Capacity Planning
Capacity Planning is measuring the performance of a service and working out the limits of it’s operation. From this information you can estimate if a service will be able to handle the amount of traffic you expect it to receive.
Why is it Important?
To predict in advance if your service will be able to serve all the customers you need it to serve
To be able to plan and justify performance work
To be able to plan for auto scaling
To be able to configure better monitoring and alerting for your service
To understand failure conditions of your service
Tips and Tricks
When testing performance of your application, you should test ALL OF (in order of importance):
Each function of your application in isolation
Many functions at once based upon an estimate of real-world traffic
Randomized testing or “Fuzzing” of different functions
We are capable of mirroring traffic for services which use the Gateway, this may be a good method of testing real traffic against unreleased versions of some services. Please talk to the Architect team if you would like to discuss this possibility!
Testing in Isolation
You should have a way to performance test each function of your application in isolation. That means if your application has multiple different API endpoints, each one should be tested as independently as possible. The purpose of this is to ensure that you have a known baseline of performance. This follows the scientific practice of testing variables in isolation.
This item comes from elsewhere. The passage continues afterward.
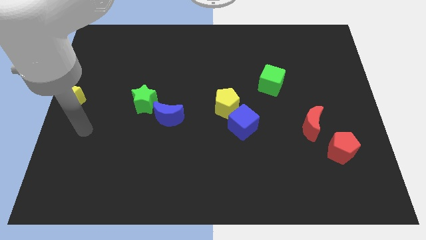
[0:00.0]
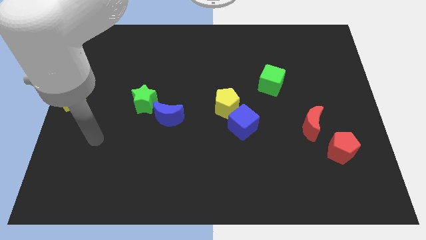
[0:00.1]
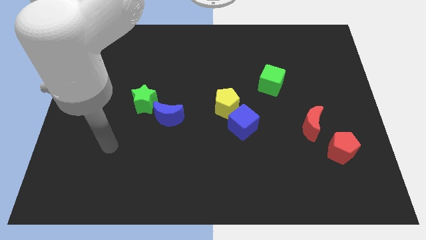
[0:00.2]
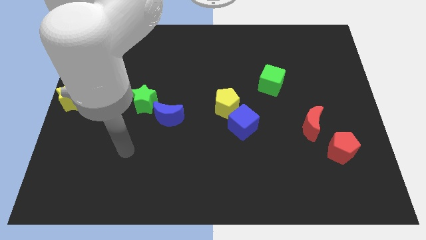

Testing based upon Real World Estimates
You should be able to performance test your application in some estimate of a real world scenario. This means you should measure what sort of requests your application will receive and try to mimic those requests in a test environment. As these numbers will change over time, the test should be updated periodically to ensure the testing is still valid.
While testing in isolation would ideally be enough, there are often complex interactions between different parts of an application. This testing intends to detect if any of these complex interactions exist under expected conditions.
Randomized Testing (“Fuzzing”)
Common test scenarios tend to be based upon ideal conditions. Randomized Testing intends to measure if the performance is still consistent (or at least meeting expectations) with less-than-ideal input. This is particularly important for services which receive user traffic, as you cannot always guarantee that your application will receive good input.
In certain scenarios, bad input can cause an applications performance to be significantly worse. Applications involving caches are a common example of this, where bad input can evict important data from a cache and cause the performance of other requests to be degraded.